[Start of Attachment]

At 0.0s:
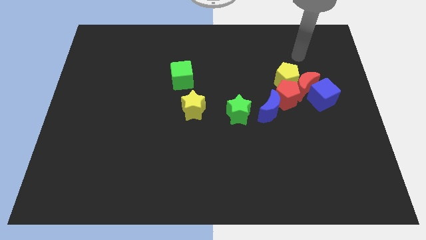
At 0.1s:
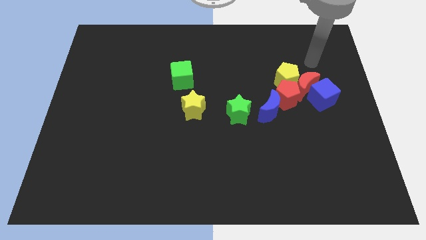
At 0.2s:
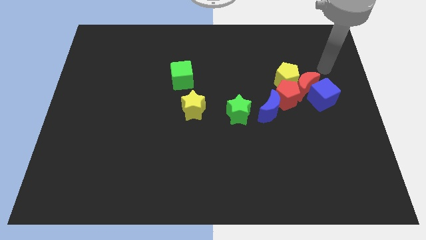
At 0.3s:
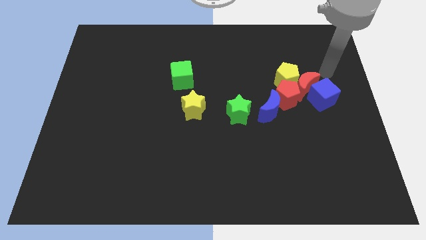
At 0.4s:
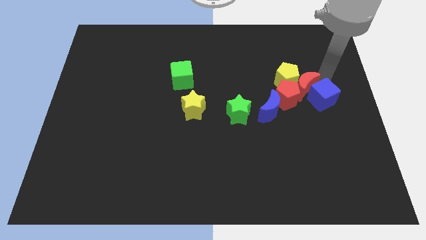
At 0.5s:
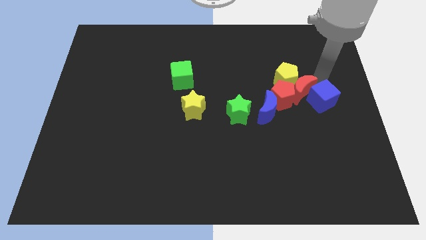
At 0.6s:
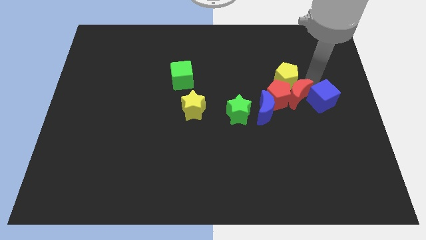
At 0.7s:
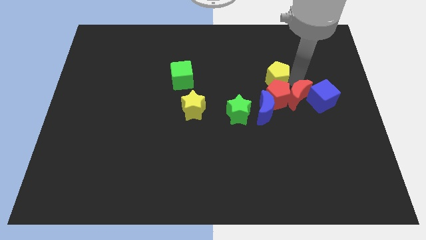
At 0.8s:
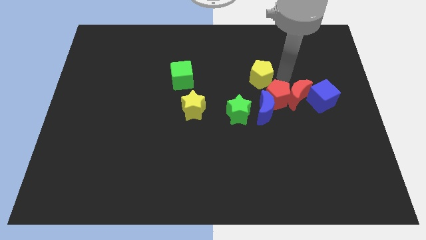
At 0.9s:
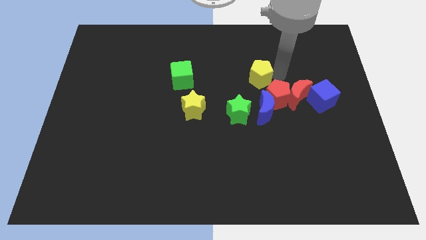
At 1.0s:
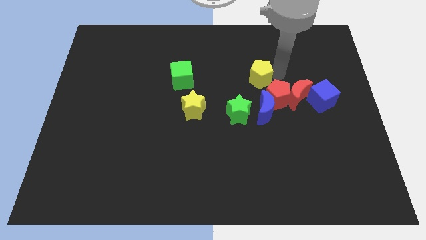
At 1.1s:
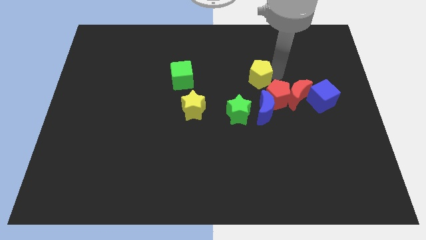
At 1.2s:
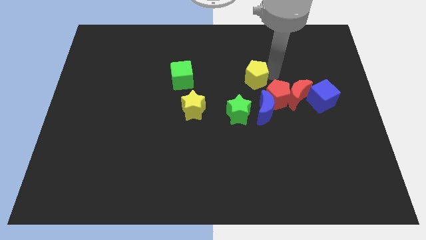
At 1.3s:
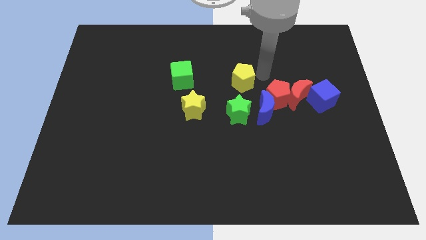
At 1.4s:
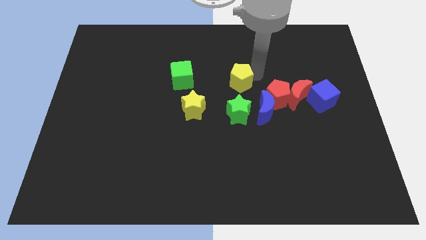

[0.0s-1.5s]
separate the yellow pentagon from the red pentagon

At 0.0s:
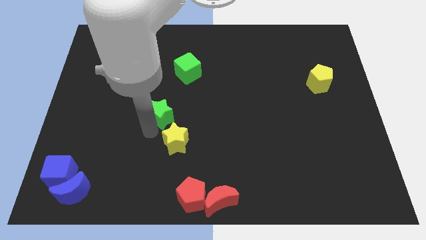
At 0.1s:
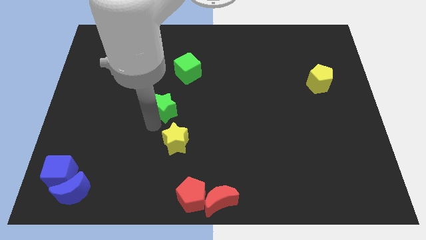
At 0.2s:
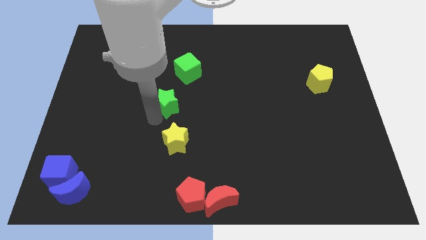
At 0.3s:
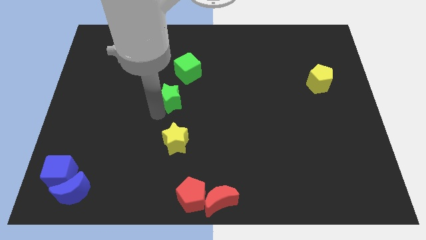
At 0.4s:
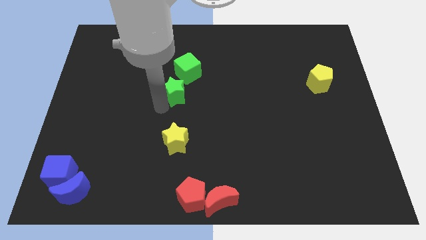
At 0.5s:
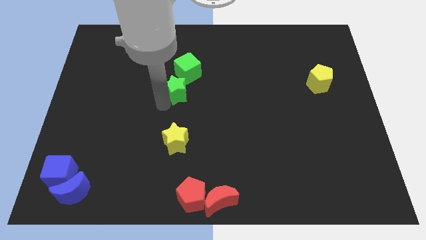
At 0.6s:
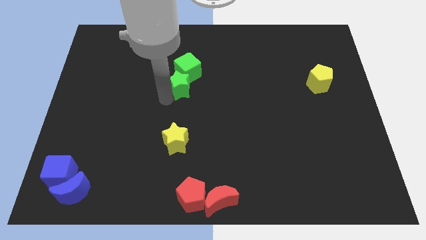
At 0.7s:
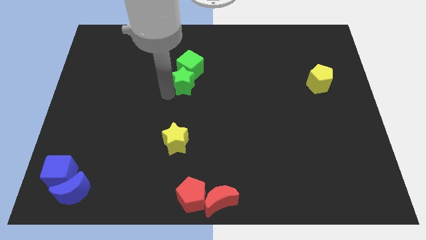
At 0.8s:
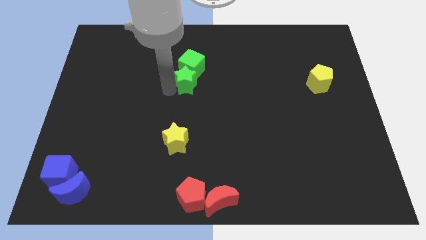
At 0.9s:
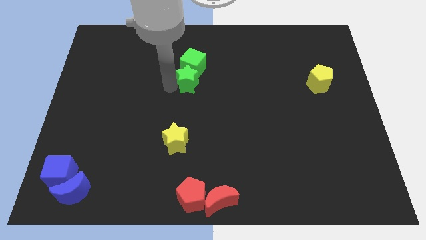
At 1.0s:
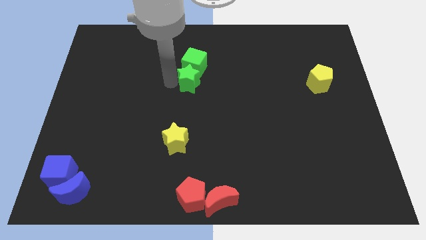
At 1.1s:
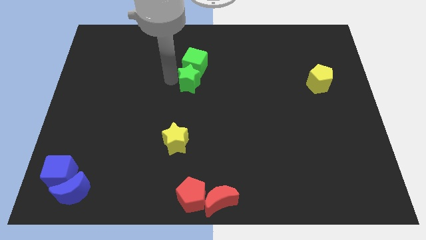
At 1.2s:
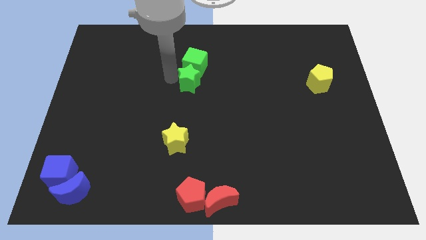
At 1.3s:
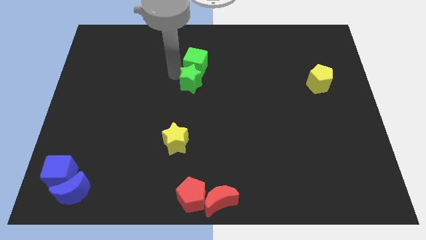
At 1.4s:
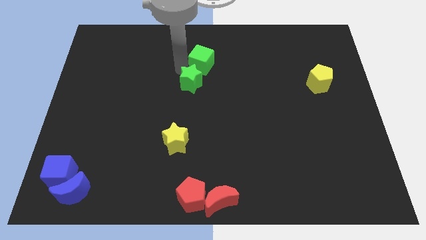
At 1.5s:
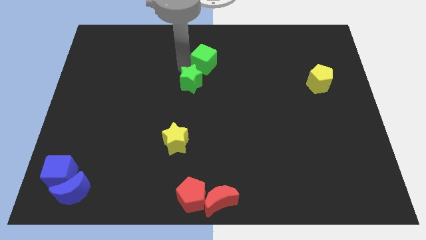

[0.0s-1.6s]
push the green star to the bottom of the green cube
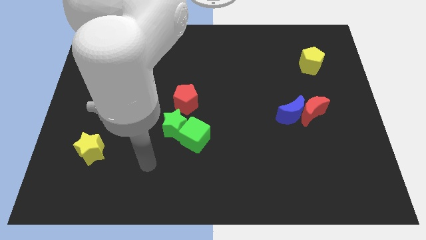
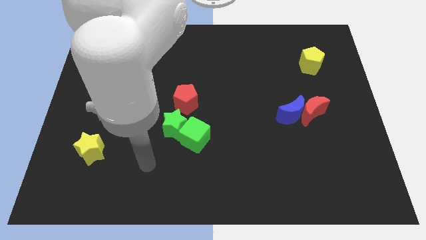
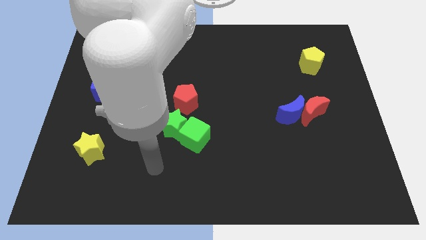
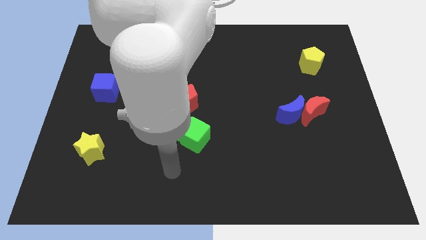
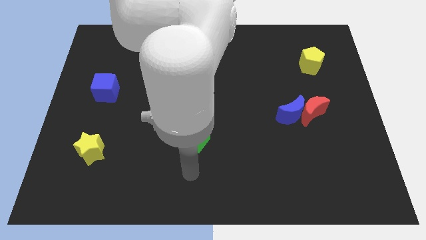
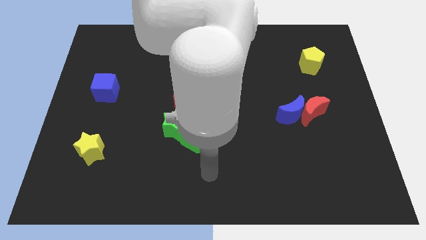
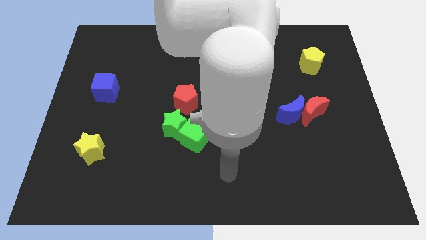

[End of Attachment]

● Problem description
When you write out the material again, keep every word exact and omit the pictures.

● Exercise output
At 0.0s:
At 0.1s:
At 0.2s:
At 0.3s:
At 0.4s:
At 0.5s:
At 0.6s:
At 0.7s:
At 0.8s:
At 0.9s:
At 1.0s:
At 1.1s:
At 1.2s:
At 1.3s:
At 1.4s:

[0.0s-1.5s]
separate the yellow pentagon from the red pentagon

At 0.0s:
At 0.1s:
At 0.2s:
At 0.3s:
At 0.4s:
At 0.5s:
At 0.6s:
At 0.7s:
At 0.8s:
At 0.9s:
At 1.0s:
At 1.1s:
At 1.2s:
At 1.3s:
At 1.4s:
At 1.5s:

[0.0s-1.6s]
push the green star to the bottom of the green cube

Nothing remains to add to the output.